No good dreaming over tools that you may not even be able to use properly.

Why does any DIYer need a planner thicknesser for instance? Yes I know what it does.
I suppose I'm not a typical DIYer.
A lot of my planer thicknesser is used on salvaged firewood.
I buy my firewood from a local sawmill, at a cord each time, 120€ a cord.
It's the waste form the oak trees cut for orders etc.
So it's usually up 3 metres long, with at least one waney edge, all different thicknesses, up to 150mm thick and 250mm wide, green oak.

Each salvaged piece ( I can get as much as a stere out of each cord) I'll leave to season.
Of course the problem I then have, is that it plays havoc on the planer thicknesser, which is just a SIP machine, blades and belt, and height adjustment cogs, need renewing from time to time. Fortunately the blades are double edged, and I can simply turn them over.
I also have an axminster table saw, and a decent 235mm circular saw.
Axminster have supplied blades and belts before now.
I am seriously considering renewing the planer thicknesser with a reasonable, perhaps Axminster machine. I rarely use the SIP machine in planer mode because I find the table is just not long enough, and the fence too flimsy. (The waste take off is a bit naff also)

Of course the thicknesser does not have table extensions. I use roller stands.
Now there's a thought, using the thicknesser with stands means adjusting the stands all the time. Why don't they make thicknessers that the top is adjusted down, rather than the bottom adjusting up?
 
A lot of my planer thicknesser is used on salvaged firewood.
Presumably you are not then burning the wood, but using it to make stuff? :cautious:

If to make stuff, then yes thats a use for it, but then again if you are buying the scrap wood that the saw mills don't want or can't use, then it would take some knowledge and experience in selecting which bits would be useful to plane down to useable timber for particular jobs - which is quite niche and specialist for mere DIY use.
 
Get all your stuff cheap at aldi, and get up and running instead of pondering.

No good dreaming over tools that you may not even be able to use properly.
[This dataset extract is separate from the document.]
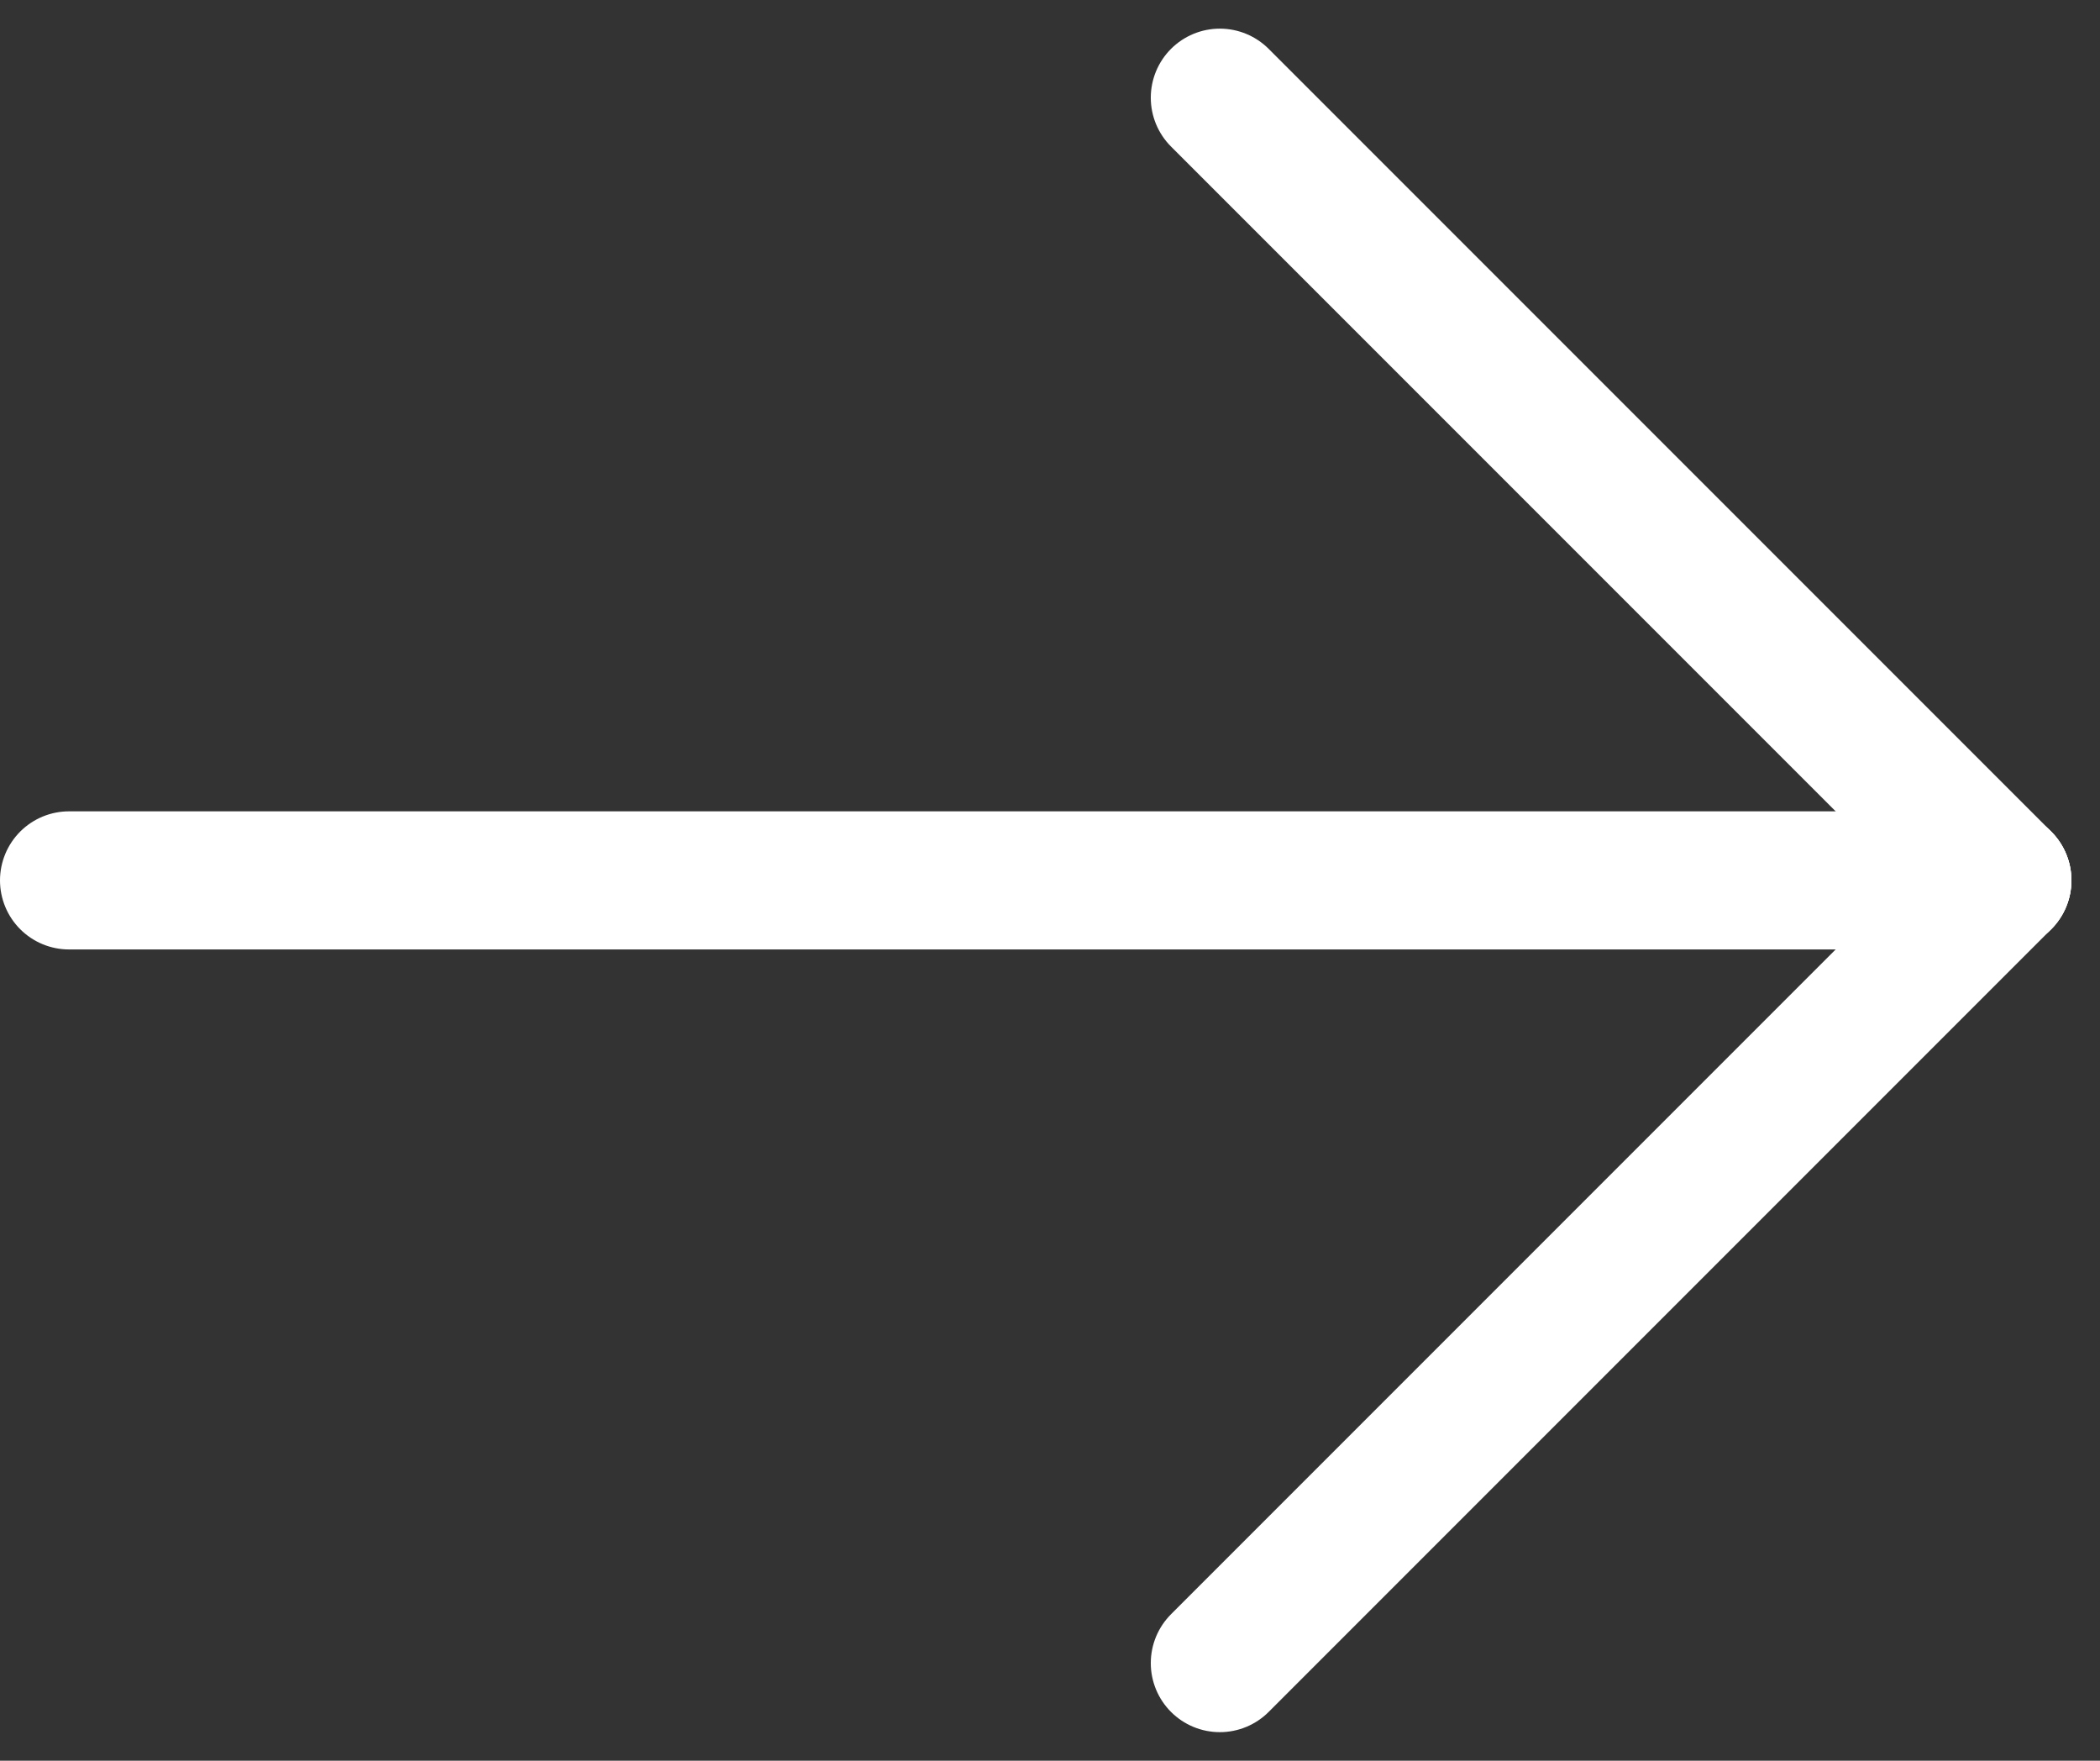 <svg xmlns="http://www.w3.org/2000/svg" width="45.621" height="38.243" viewBox="0 0 45.621 38.243"><rect x="0" y="0" width="45.621" height="38.243" fill="#333333" stroke="none"/><g transform="translate(1.12 2.502)"><g transform="translate(25.76 0)"><line x2="17" y2="17" transform="translate(-0.38 -0.38)" fill="none" stroke="#fff" stroke-linecap="round" stroke-linejoin="round" stroke-width="3"/><line y1="17" x2="17" transform="translate(-0.38 16.62)" fill="none" stroke="#fff" stroke-linecap="round" stroke-linejoin="round" stroke-width="3"/></g><line x2="42" transform="translate(0.38 16.62)" fill="none" stroke="#fff" stroke-linecap="round" stroke-linejoin="round" stroke-width="3"/></g></svg>

Why does any DIYer need a planner thicknesser for instance? Yes I know what it does.
Pondering at the moment as I won’t have a workshop for several months - so I have time to deliberate, change my mind, change it back again to hopefully reach a sensible conclusion.

As for buying stuff from Aldi, I won’t knock their gear on value for money or place in the market, but for what I’m after doing (furniture, cnc inlays etc) I want gear I can trust to cut square. Hence things like a planer/thicknesser as no wood bought will be perfectly true.

I’ve bought many tools in the past that are Aldi or a level up in quality, then I’ve bought the quality tool and wondered why I persevered with the lesser for so long.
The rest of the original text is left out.